# Electric Guitar Orchestra: Johann Sebastian Bach ; Toccata & Fugue in Dm, by Sinfonity



## greco (Jul 15, 2007)

AMAZING!!

From the comments:
_....each guitar represented a stop on a pipe organ. An organist can play it all himself because the organ does all the sounds by playing one key. These are all supurb guitarist and the arrangement was unbelievably difficult to play on a guitar. _


----------



## greco (Jul 15, 2007)

Maybe you prefer Vivaldi...


----------



## Merlin (Feb 23, 2009)

Neat. Sounds like an ad for EHX pedals though. Really don't dig the timbre.


----------



## Wardo (Feb 5, 2010)

Neat but I still like the thunderin pipe organ version better.


----------



## Guest (Nov 16, 2018)

First video has a rock hair flipper in the front row.


----------



## Mooh (Mar 7, 2007)

I'm a big pipe organ fan but that particular piece has become too cliche and overplayed by virtue of the fact that people don't listen to the huge selection of other organ works by Bach and others. As for the tone...um...no thanks.

I sometimes have a go at a Casavant with two pipe chambers. Freaking awesome instrument.

But whatever.


----------



## greco (Jul 15, 2007)

WOW..I was hoping someone might like this/be impressed.


----------



## Mooh (Mar 7, 2007)

Sorry.


----------



## mhammer (Nov 30, 2007)

An interesting idea. What I find perhaps more amazing is the very idea that this many electric guitar soloists could cooperate. Keep in mind that not a one of them is sitting there strumming open G-chords to back up the others, and "guitar face" seems to be in abundance. Makes herding cats seem trivial by comparison.

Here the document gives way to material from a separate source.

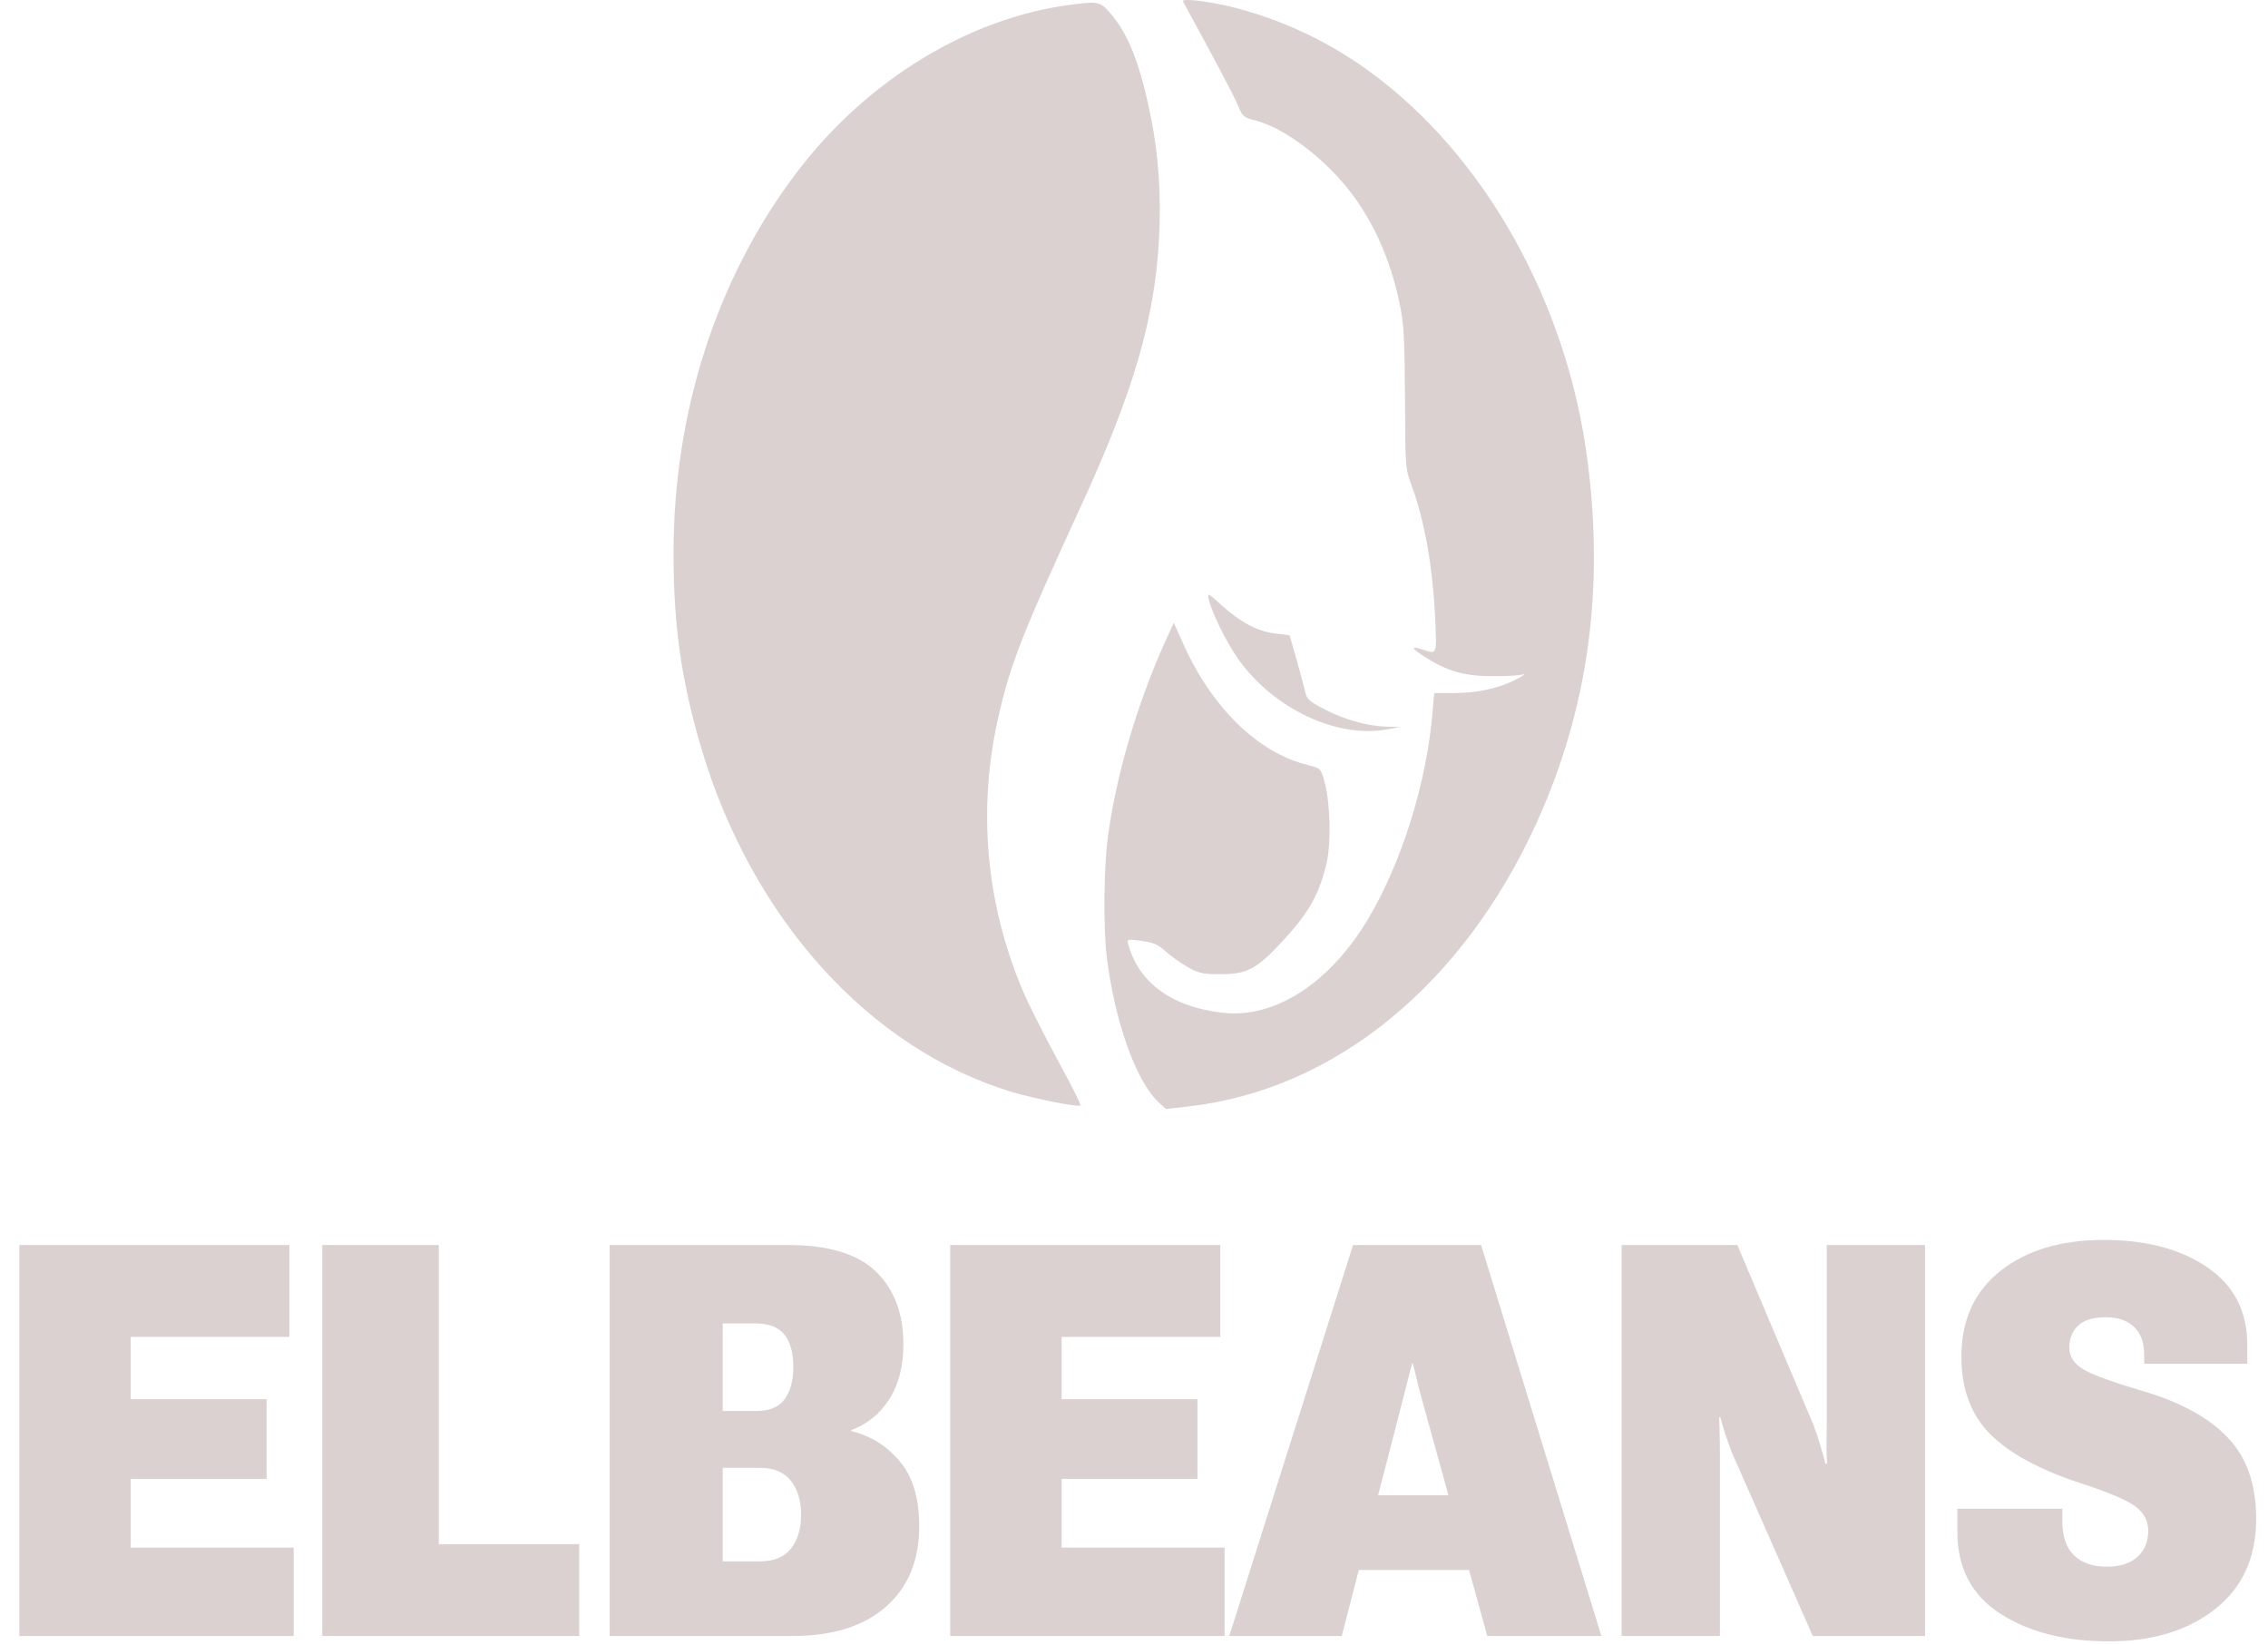 <?xml version="1.0" encoding="UTF-8"?> <svg xmlns="http://www.w3.org/2000/svg" width="495" height="359" viewBox="0 0 495 359" fill="none"><g opacity="0.7"><path d="M258.193 0.313C265.683 14.04 269.604 21.435 270.308 23.284C271.162 25.413 271.464 25.637 274.027 26.309C279.657 27.709 287.65 33.424 293.38 40.203C299.261 47.206 303.383 56.058 305.494 66.367C306.399 70.737 306.55 73.482 306.65 86.816C306.701 102.11 306.701 102.223 308.058 105.864C310.923 113.596 312.733 123.792 313.235 135.109C313.587 143.009 313.688 142.784 310.42 141.72C307.807 140.88 307.957 141.44 310.973 143.345C315.749 146.426 319.569 147.547 325.45 147.547C328.366 147.603 331.432 147.435 332.236 147.21C333.091 146.986 332.538 147.435 330.98 148.219C327.21 150.18 322.535 151.244 317.357 151.244H313.034L312.682 155.166C311.426 170.685 305.947 188.221 298.558 200.602C290.314 214.384 278.501 222.116 267.292 221.051C256.132 219.931 248.643 214.664 246.28 206.205C245.928 204.916 245.928 204.916 249.095 205.308C251.659 205.644 252.714 206.092 254.323 207.549C255.429 208.558 257.59 210.07 259.098 210.967C261.561 212.367 262.416 212.591 266.387 212.591C272.419 212.591 274.43 211.415 280.763 204.468C285.941 198.697 288.002 194.888 289.56 188.221C290.565 183.851 290.314 174.831 289.057 170.517C288.253 167.659 288.253 167.659 285.388 166.931C274.43 164.242 264.276 154.214 258.043 140.039L256.183 135.893L254.122 140.431C248.14 153.765 243.515 169.508 241.806 182.674C240.902 189.341 240.801 202.003 241.505 208.333C243.164 222.508 247.838 235.786 252.815 240.492L254.474 242.004L259.4 241.444C291.168 237.859 319.167 215.056 335.303 179.705C346.462 155.166 350.181 129.339 346.512 100.766C342.139 66.142 323.992 33.76 298.759 15.496C290.113 9.221 280.612 4.683 270.458 1.938C265.03 0.425 257.791 -0.527 258.193 0.313Z" fill="#CBBEBC"></path><path d="M234.464 0.931C211.744 3.62 188.973 17.514 173.591 38.019C156.35 60.934 147 90.01 147 120.768C147 136.511 148.709 148.5 153.032 163.179C164.091 200.491 189.727 228.896 220.892 238.308C225.969 239.821 235.419 241.669 235.821 241.221C235.972 241.053 233.66 236.459 230.644 230.969C227.678 225.478 224.26 218.699 223.104 215.898C215.162 196.962 213.352 176.513 217.876 156.568C220.44 145.083 223.154 138.192 235.872 110.571C247.433 85.416 252.007 69.673 252.962 52.138C253.465 42.95 252.862 33.818 251.253 25.918C248.991 14.489 246.428 7.766 242.658 3.284C240.195 0.371 239.893 0.259 234.464 0.931Z" fill="#CBBEBC"></path><path d="M263.824 130.852C264.528 133.765 267.695 140.208 270.259 143.849C277.949 154.606 291.572 161.105 302.58 159.2L305.596 158.64L302.831 158.584C298.559 158.472 293.482 157.071 289.159 154.83C285.439 152.869 285.188 152.589 284.735 150.46C284.434 149.172 283.579 146.034 282.825 143.401L281.468 138.639L278.352 138.247C274.481 137.799 270.811 135.838 266.69 132.14C263.573 129.283 263.473 129.227 263.824 130.852Z" fill="#CBBEBC"></path><path d="M4.219 357.004V271.692H63.164V291.731H28.535V305.325H58.184V322.727H28.535V337.727H64.102V357.004H4.219ZM70.341 357.004V271.692H95.77V336.965H126.415V357.004H70.341ZM133.064 357.004V271.692H171.97C180.877 271.692 187.302 273.645 191.248 277.551C195.193 281.418 197.166 286.672 197.166 293.313C197.166 298.157 196.13 302.18 194.06 305.383C191.99 308.586 189.236 310.813 185.798 312.063V312.297C190.017 313.313 193.533 315.5 196.345 318.86C199.197 322.18 200.623 326.926 200.623 333.098C200.623 340.559 198.181 346.418 193.298 350.676C188.455 354.895 181.716 357.004 173.084 357.004H133.064ZM157.732 340.715H165.935C168.904 340.715 171.13 339.797 172.615 337.961C174.099 336.086 174.841 333.625 174.841 330.579C174.841 327.493 174.099 325.012 172.615 323.137C171.13 321.262 168.904 320.325 165.935 320.325H157.732V340.715ZM157.732 307.903H165.115C167.927 307.903 169.959 307.063 171.209 305.383C172.498 303.665 173.142 301.282 173.142 298.235C173.142 295.188 172.498 292.864 171.209 291.262C169.959 289.661 167.927 288.84 165.115 288.801H157.732V307.903ZM207.389 357.004V271.692H266.334V291.731H231.705V305.325H261.354V322.727H231.705V337.727H267.272V357.004H207.389ZM268.296 357.004L295.308 271.692H323.257L349.507 357.004H324.605L310.073 304.387C309.644 302.786 309.292 301.399 309.019 300.227C308.745 299.016 308.511 298.098 308.316 297.473H308.198C308.042 298.098 307.808 299.016 307.495 300.227C307.183 301.399 306.831 302.786 306.441 304.387L292.847 357.004H268.296ZM285.23 342.59L288.335 326.301H328.648L332.105 342.59H285.23ZM353.93 357.004V271.692H379.184L395.824 311.008C396.293 312.258 396.762 313.665 397.23 315.227C397.699 316.75 398.09 318.137 398.402 319.387H398.754C398.676 318.059 398.637 316.672 398.637 315.227C398.676 313.782 398.695 312.395 398.695 311.067V271.692H420.141V357.004H395.648L378.07 317.161C377.602 315.95 377.133 314.661 376.664 313.293C376.195 311.926 375.805 310.598 375.492 309.309H375.199C375.277 310.637 375.316 311.887 375.316 313.059C375.355 314.192 375.375 315.442 375.375 316.809V357.004H353.93ZM427.2 334.27V329.231H450.11V331.926C450.11 335.286 450.97 337.786 452.688 339.426C454.407 341.067 456.809 341.887 459.895 341.887C462.708 341.887 464.895 341.184 466.458 339.778C468.059 338.372 468.86 336.458 468.86 334.036C468.86 331.926 467.962 330.188 466.165 328.821C464.368 327.415 460.345 325.696 454.095 323.665C445.149 320.735 438.567 317.161 434.348 312.942C430.169 308.723 428.079 303.098 428.079 296.067C428.079 288.059 430.93 281.809 436.634 277.317C442.337 272.825 449.837 270.579 459.134 270.579C468.43 270.579 475.97 272.571 481.751 276.555C487.571 280.5 490.481 286.145 490.481 293.489V297.59H467.981V295.657C467.981 293.04 467.259 291.028 465.813 289.622C464.368 288.176 462.317 287.454 459.661 287.454C456.809 287.454 454.759 288.079 453.509 289.329C452.259 290.54 451.634 292.122 451.634 294.075C451.634 295.95 452.591 297.493 454.505 298.704C456.419 299.915 460.833 301.536 467.747 303.567C476.028 306.028 482.2 309.426 486.263 313.762C490.364 318.059 492.415 323.958 492.415 331.458C492.415 339.895 489.427 346.458 483.45 351.145C477.513 355.833 469.778 358.176 460.247 358.176C450.716 358.176 442.825 356.165 436.575 352.141C430.325 348.118 427.2 342.161 427.2 334.27Z" fill="#CBBEBC"></path></g></svg>

The 70's Quebec cult band L'Infonie could range as high as 24 members. I'd seem them many many times, from complements as small as 9 to as large as 22. In their largest personnel complements, they would often have 8 sax players, who would perform Baroque works that, of course, predate the invention of the saxophone. At the 26:00 mark, you can hear one of these on their first album.






While searching for Youtubes of the band, I was pleasantly surprised to stumble onto this hommage to the band from earlier this year. It is incredibly faithful to the music, and performance style, of the original band, even though it would seem that all the musicians and performers were born well after L'Infonie had split up. There is also an uncanny resemblance between this music and what Frank Zappa was generating. Hence it is not surprising that the last time I saw bandleader Walter Boudreau performing was leading/conducting a tribute to the music of Frank Zappa at the National Arts Centre, some 20 years ago. Though sharing many of the same influences as Zappa, L'Infonie were of a time and place that was distinctly and decidedly Quebecois.